- _Work task_: How many lines in the records below hold the string "height"? Answer with the number alone.

(Source data)
BEGIN

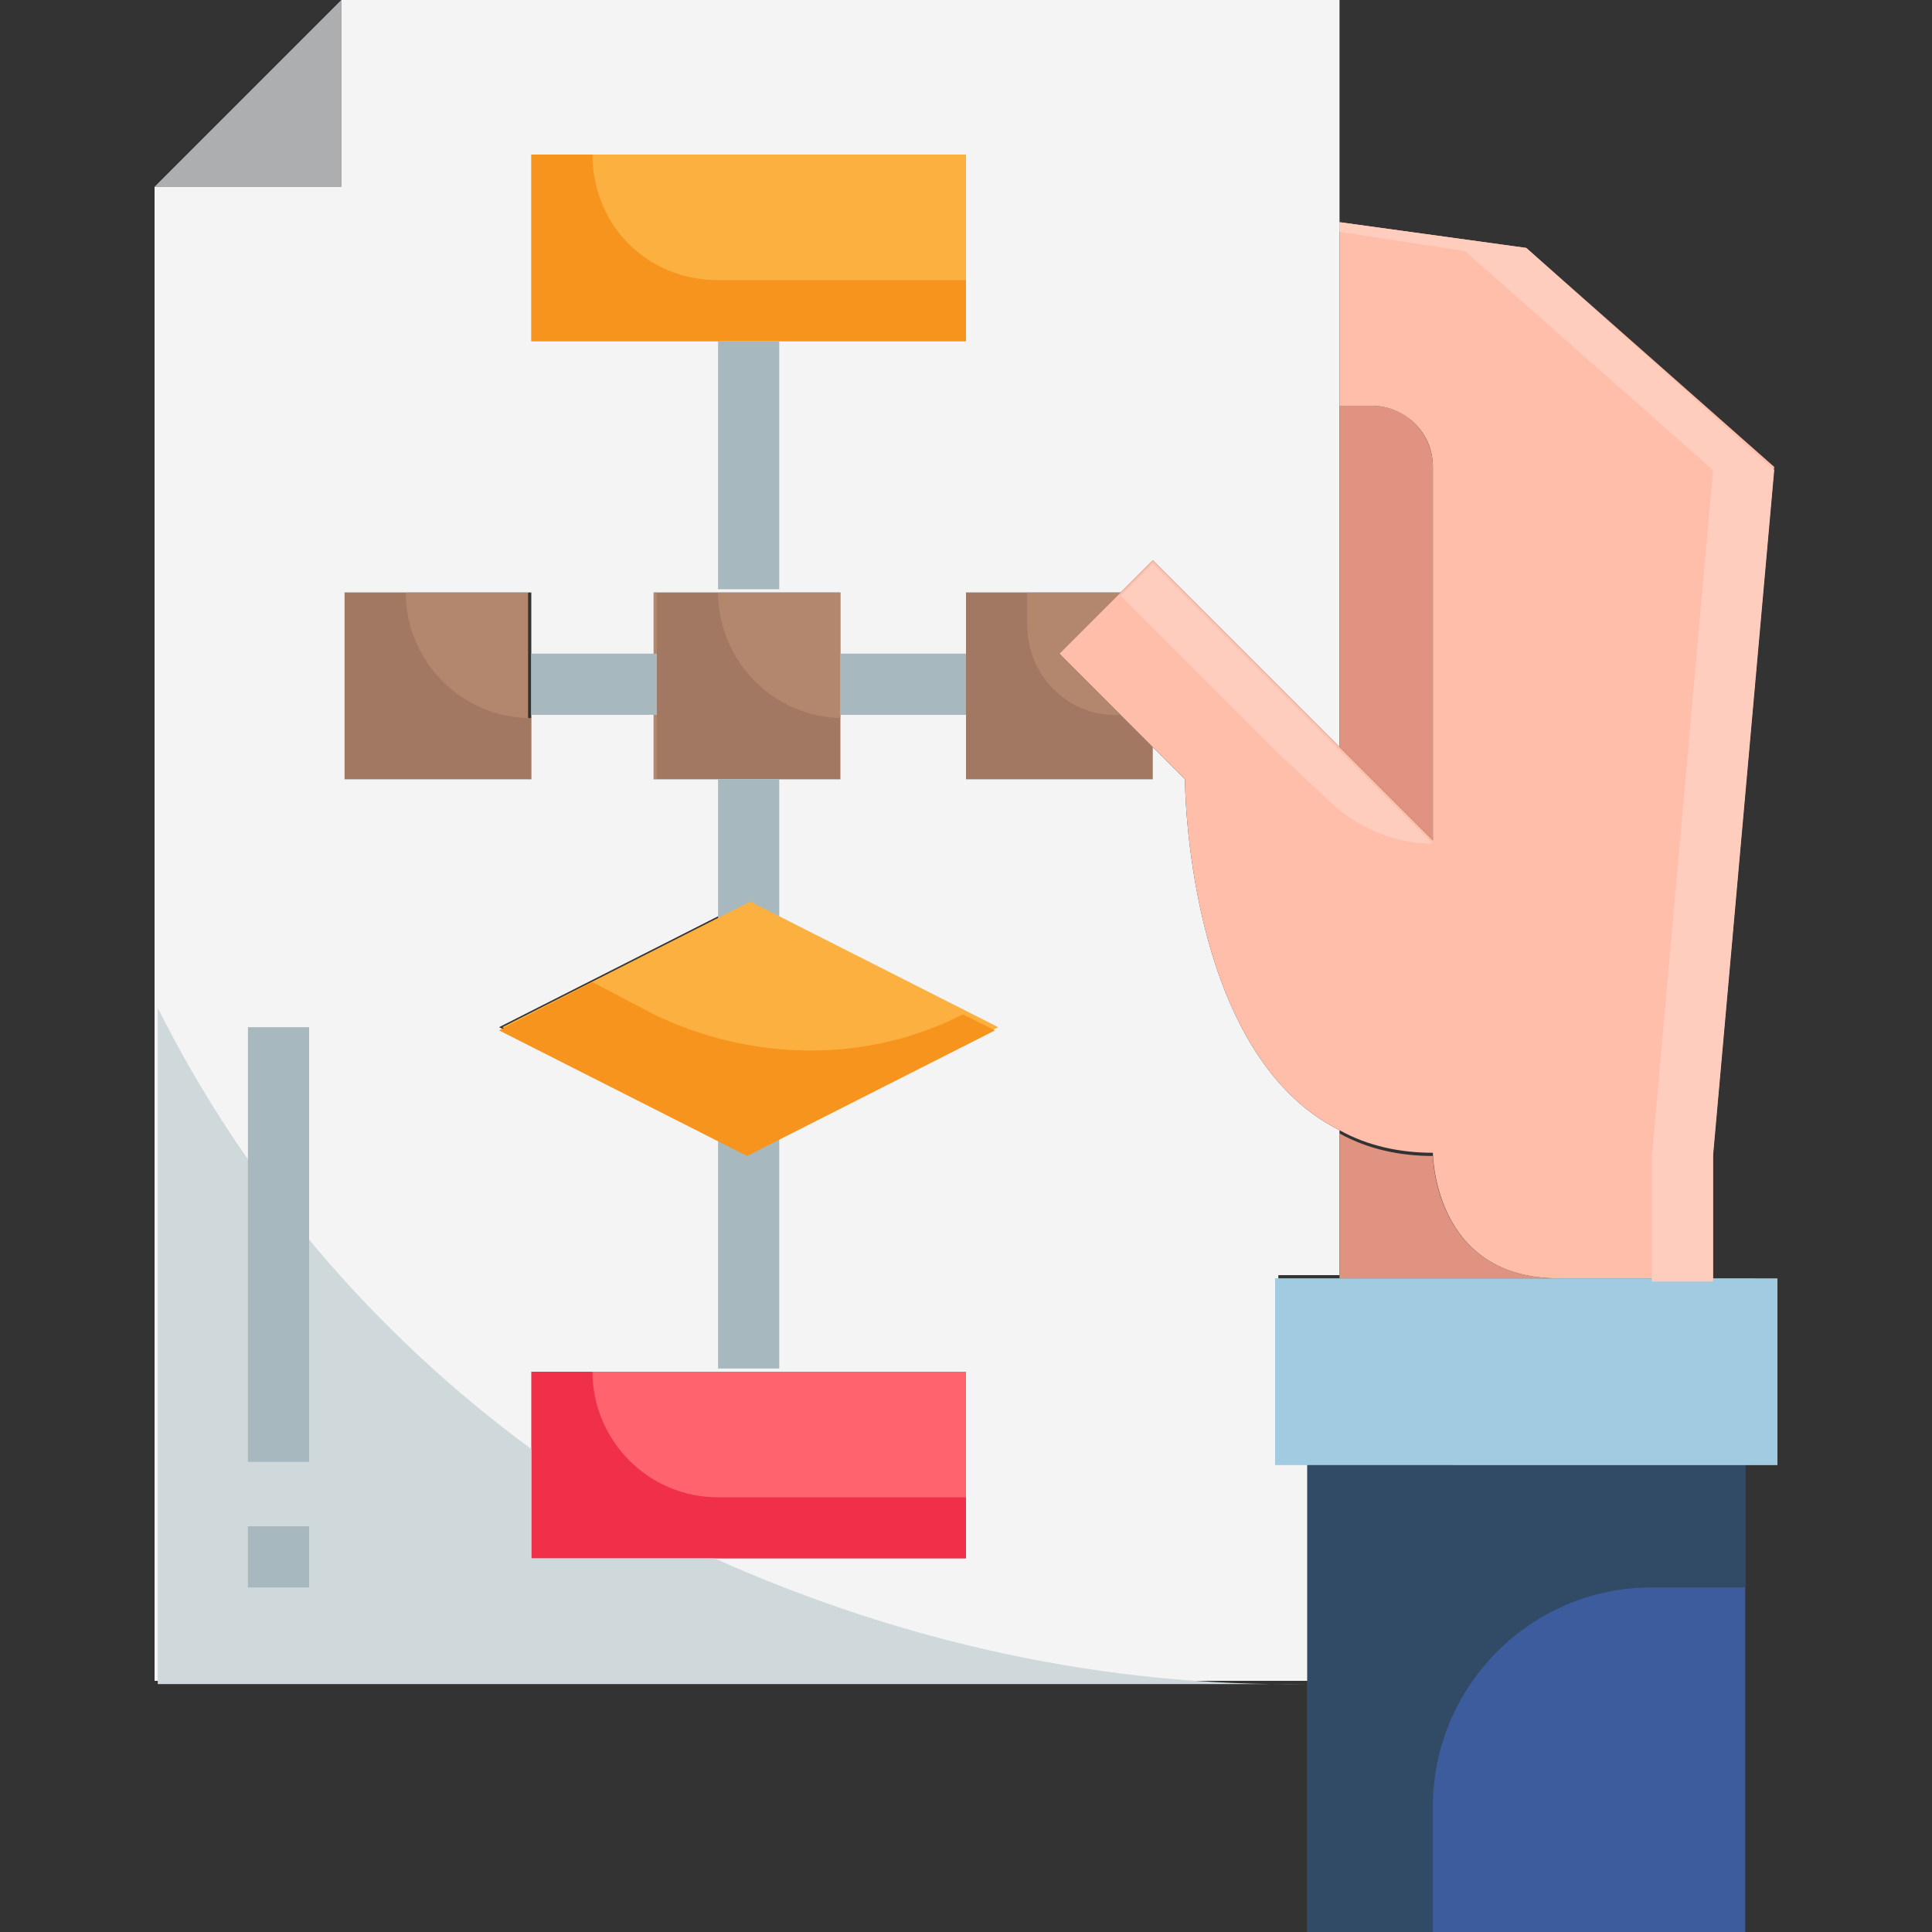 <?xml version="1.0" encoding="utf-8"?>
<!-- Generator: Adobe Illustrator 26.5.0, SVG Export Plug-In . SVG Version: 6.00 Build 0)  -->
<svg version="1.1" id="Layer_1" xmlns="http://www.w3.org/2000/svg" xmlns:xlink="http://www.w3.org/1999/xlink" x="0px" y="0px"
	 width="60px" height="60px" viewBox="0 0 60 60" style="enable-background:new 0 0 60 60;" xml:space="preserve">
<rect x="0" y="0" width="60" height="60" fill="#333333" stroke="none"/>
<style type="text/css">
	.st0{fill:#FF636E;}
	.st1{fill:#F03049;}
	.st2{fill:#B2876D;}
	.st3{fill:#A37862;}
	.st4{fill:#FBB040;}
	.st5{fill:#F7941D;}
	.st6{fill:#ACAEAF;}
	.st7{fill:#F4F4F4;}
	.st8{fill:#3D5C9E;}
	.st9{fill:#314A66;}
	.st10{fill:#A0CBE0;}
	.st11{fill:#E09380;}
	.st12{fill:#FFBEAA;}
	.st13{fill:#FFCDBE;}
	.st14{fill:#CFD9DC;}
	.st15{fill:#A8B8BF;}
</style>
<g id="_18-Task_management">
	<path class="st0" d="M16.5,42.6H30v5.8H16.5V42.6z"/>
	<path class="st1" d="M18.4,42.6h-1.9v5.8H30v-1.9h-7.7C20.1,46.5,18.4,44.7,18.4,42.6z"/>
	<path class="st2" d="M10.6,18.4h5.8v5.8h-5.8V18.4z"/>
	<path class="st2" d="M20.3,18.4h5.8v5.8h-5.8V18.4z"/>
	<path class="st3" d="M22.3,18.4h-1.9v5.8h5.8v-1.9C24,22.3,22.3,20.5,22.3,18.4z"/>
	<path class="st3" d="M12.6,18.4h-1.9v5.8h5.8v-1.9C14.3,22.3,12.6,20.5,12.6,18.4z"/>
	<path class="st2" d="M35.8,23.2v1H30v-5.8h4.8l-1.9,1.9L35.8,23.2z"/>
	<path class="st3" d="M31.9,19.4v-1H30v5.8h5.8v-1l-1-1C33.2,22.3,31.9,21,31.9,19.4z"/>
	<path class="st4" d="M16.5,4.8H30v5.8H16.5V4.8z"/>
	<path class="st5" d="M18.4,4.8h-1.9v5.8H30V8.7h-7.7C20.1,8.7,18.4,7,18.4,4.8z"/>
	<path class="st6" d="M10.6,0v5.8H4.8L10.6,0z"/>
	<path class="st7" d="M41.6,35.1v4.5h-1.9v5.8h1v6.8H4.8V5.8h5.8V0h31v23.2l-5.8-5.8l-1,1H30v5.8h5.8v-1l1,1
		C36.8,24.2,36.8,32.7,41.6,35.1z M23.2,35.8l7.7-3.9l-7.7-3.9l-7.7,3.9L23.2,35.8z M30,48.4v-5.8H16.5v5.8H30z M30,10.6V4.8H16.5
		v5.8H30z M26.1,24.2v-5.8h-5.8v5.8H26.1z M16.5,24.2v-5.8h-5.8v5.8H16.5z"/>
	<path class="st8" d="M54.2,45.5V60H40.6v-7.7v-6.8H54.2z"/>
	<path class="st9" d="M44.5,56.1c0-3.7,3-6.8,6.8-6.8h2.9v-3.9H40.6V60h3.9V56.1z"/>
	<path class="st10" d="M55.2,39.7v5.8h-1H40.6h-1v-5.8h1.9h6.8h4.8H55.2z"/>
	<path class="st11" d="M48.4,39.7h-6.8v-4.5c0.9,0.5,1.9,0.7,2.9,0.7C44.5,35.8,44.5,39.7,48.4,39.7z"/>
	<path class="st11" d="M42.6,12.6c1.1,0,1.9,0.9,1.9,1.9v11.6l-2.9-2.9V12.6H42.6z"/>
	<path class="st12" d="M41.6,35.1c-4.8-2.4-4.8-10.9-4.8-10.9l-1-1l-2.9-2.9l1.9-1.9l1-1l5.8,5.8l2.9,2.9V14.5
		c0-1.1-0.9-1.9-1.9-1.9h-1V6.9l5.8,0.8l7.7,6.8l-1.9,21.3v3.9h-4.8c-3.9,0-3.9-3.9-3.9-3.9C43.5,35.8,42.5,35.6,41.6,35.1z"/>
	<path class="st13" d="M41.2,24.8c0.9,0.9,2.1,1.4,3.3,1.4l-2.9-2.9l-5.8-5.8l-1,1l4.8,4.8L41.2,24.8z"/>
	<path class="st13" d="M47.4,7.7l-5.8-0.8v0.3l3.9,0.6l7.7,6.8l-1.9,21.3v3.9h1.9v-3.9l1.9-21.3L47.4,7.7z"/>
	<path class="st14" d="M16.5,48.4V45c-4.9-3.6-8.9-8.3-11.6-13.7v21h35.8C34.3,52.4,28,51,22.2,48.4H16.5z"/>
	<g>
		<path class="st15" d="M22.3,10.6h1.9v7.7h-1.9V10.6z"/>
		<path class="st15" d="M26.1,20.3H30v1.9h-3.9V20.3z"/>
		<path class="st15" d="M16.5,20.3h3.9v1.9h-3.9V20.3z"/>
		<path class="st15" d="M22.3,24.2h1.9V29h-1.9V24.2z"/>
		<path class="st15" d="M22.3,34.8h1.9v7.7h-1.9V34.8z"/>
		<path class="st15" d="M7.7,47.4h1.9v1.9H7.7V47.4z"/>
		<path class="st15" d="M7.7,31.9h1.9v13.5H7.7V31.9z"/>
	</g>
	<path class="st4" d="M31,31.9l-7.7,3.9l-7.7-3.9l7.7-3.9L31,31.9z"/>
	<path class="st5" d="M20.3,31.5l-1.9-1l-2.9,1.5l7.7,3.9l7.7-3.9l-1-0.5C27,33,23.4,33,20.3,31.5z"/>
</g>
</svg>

END

- _Result for this exercise_: 2